Work instruction ▸
Go through the material that comes after this and count the lines containing "transform"; report only the count.

Extracted material ▸
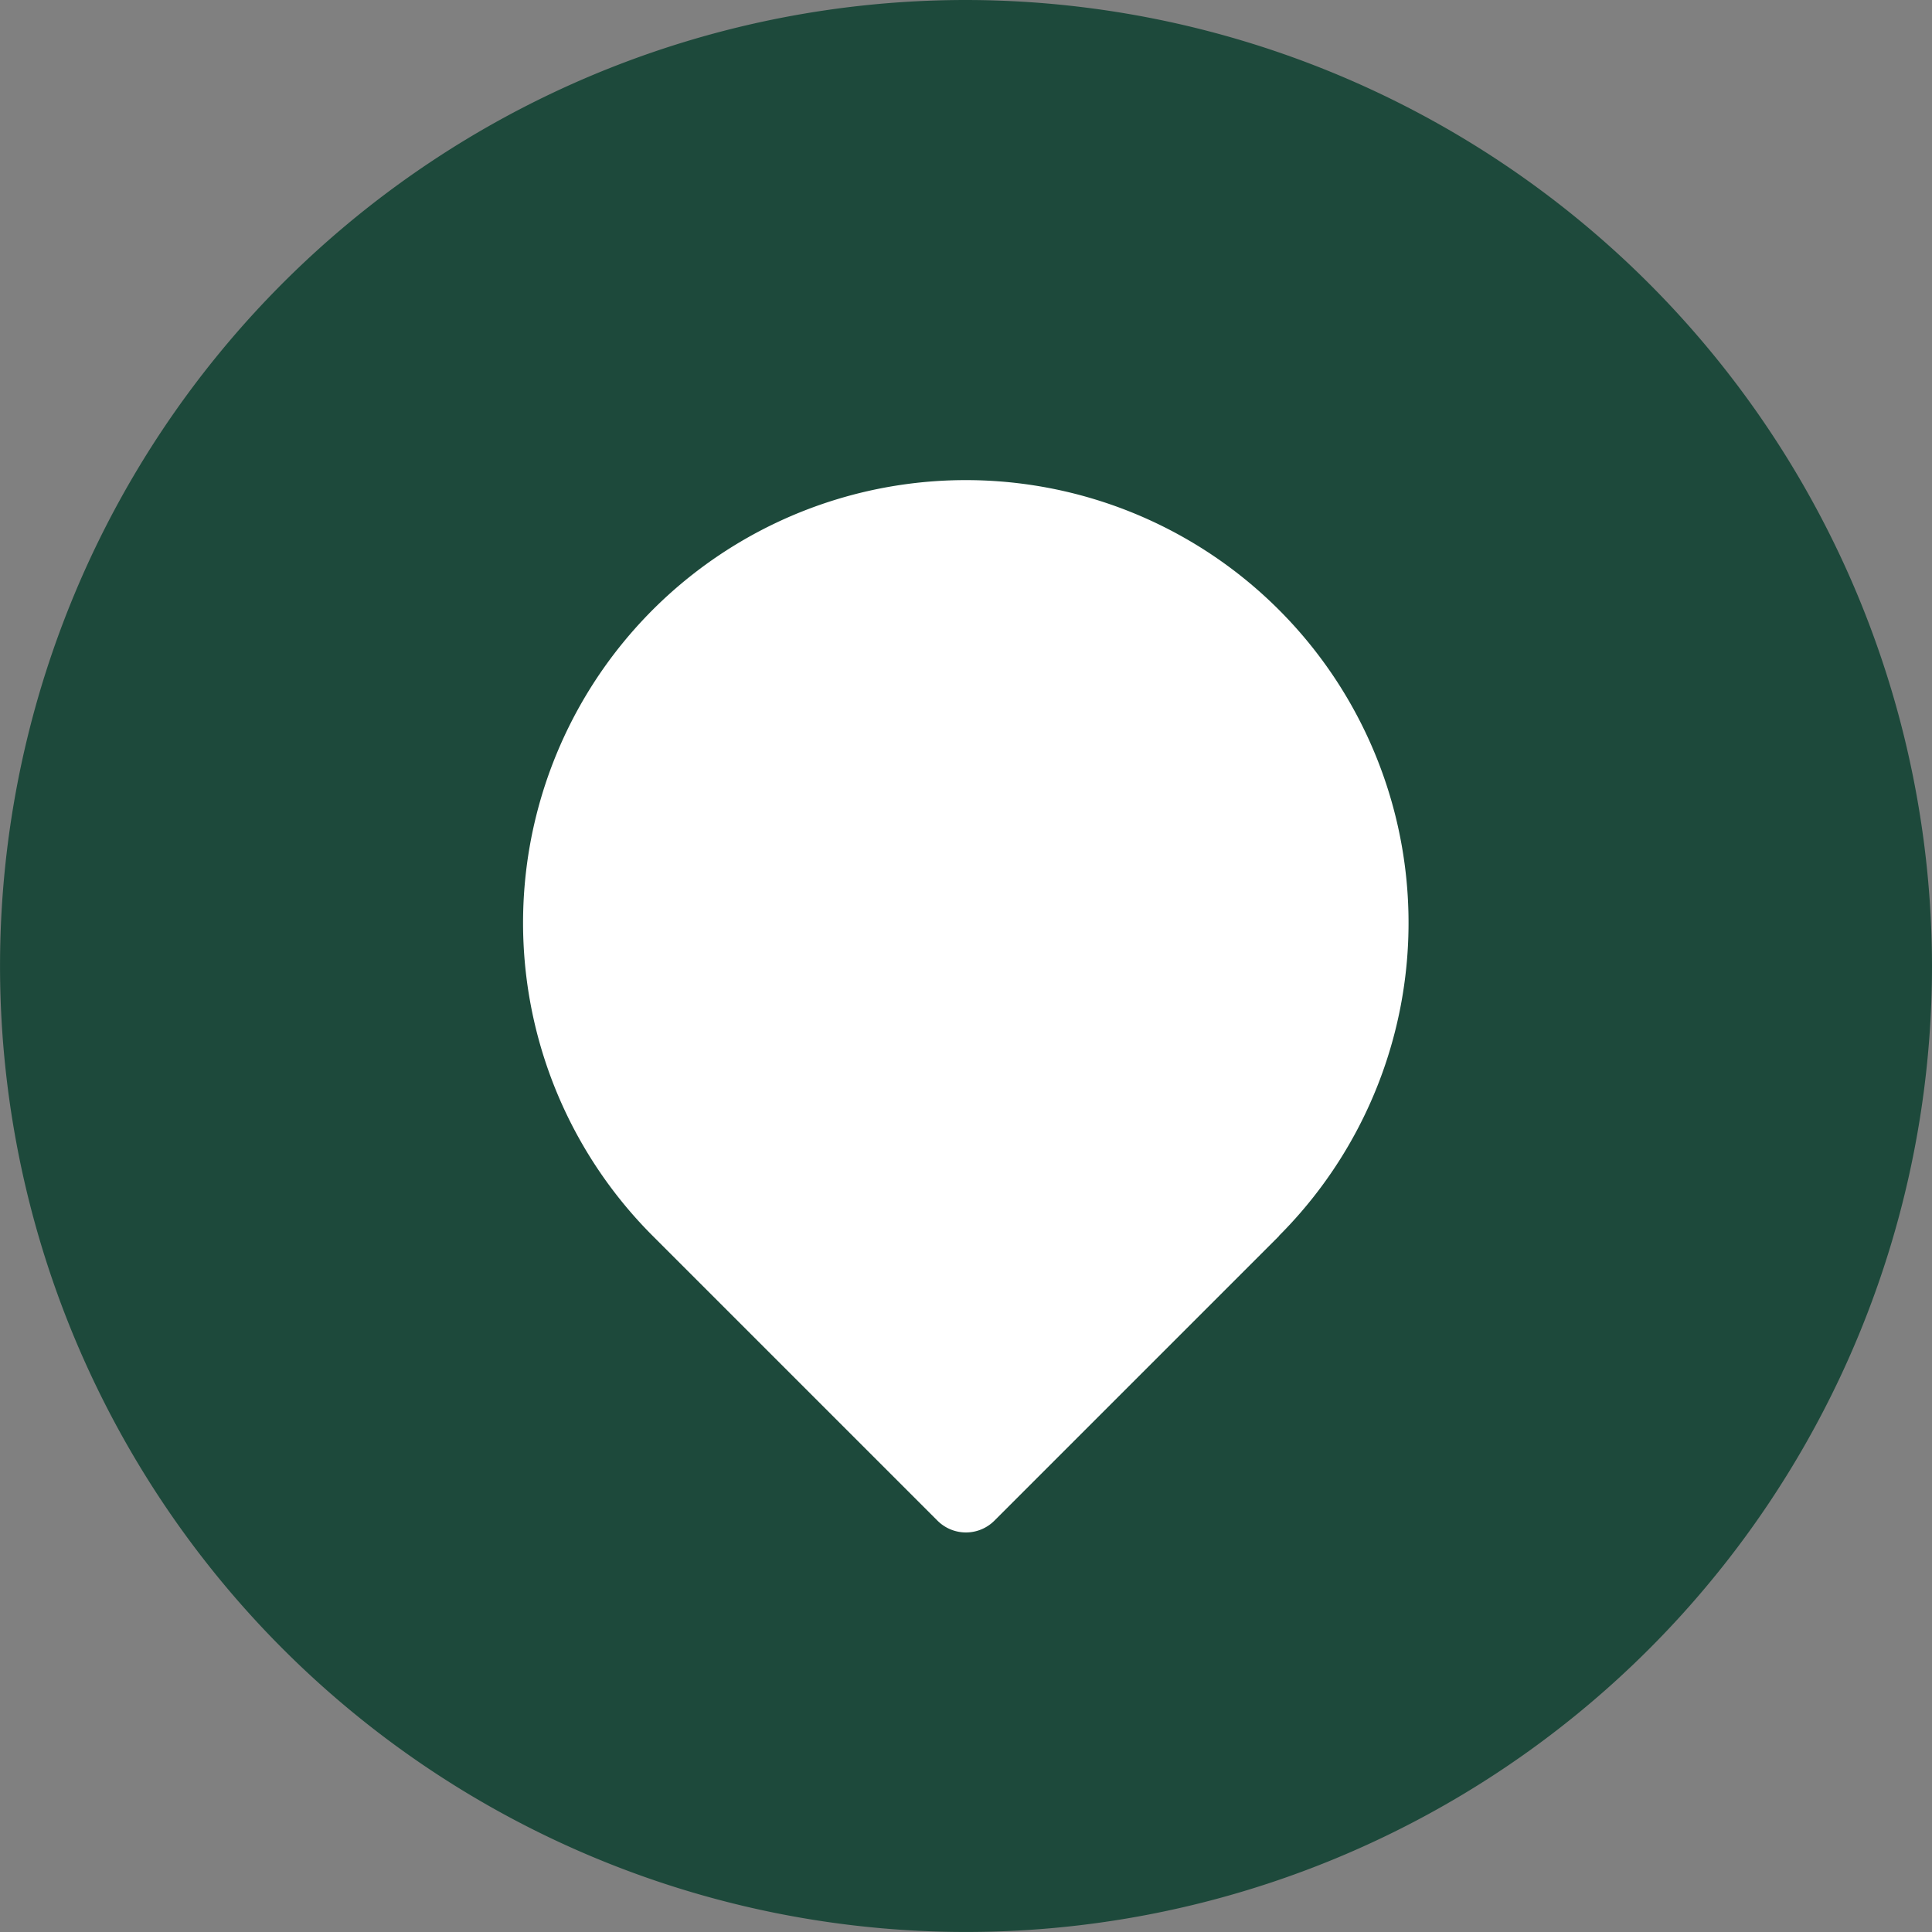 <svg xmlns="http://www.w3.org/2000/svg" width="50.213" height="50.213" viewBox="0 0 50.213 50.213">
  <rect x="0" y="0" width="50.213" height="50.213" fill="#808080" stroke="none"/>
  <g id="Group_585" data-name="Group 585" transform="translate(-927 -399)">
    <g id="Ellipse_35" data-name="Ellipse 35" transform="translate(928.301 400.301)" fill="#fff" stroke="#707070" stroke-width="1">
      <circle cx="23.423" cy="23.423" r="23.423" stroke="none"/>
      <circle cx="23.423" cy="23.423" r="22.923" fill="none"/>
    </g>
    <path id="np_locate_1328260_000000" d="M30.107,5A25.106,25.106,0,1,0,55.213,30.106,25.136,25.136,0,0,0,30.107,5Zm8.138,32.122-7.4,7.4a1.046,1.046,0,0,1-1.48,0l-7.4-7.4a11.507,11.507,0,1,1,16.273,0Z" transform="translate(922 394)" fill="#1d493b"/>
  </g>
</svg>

Task response ▸
3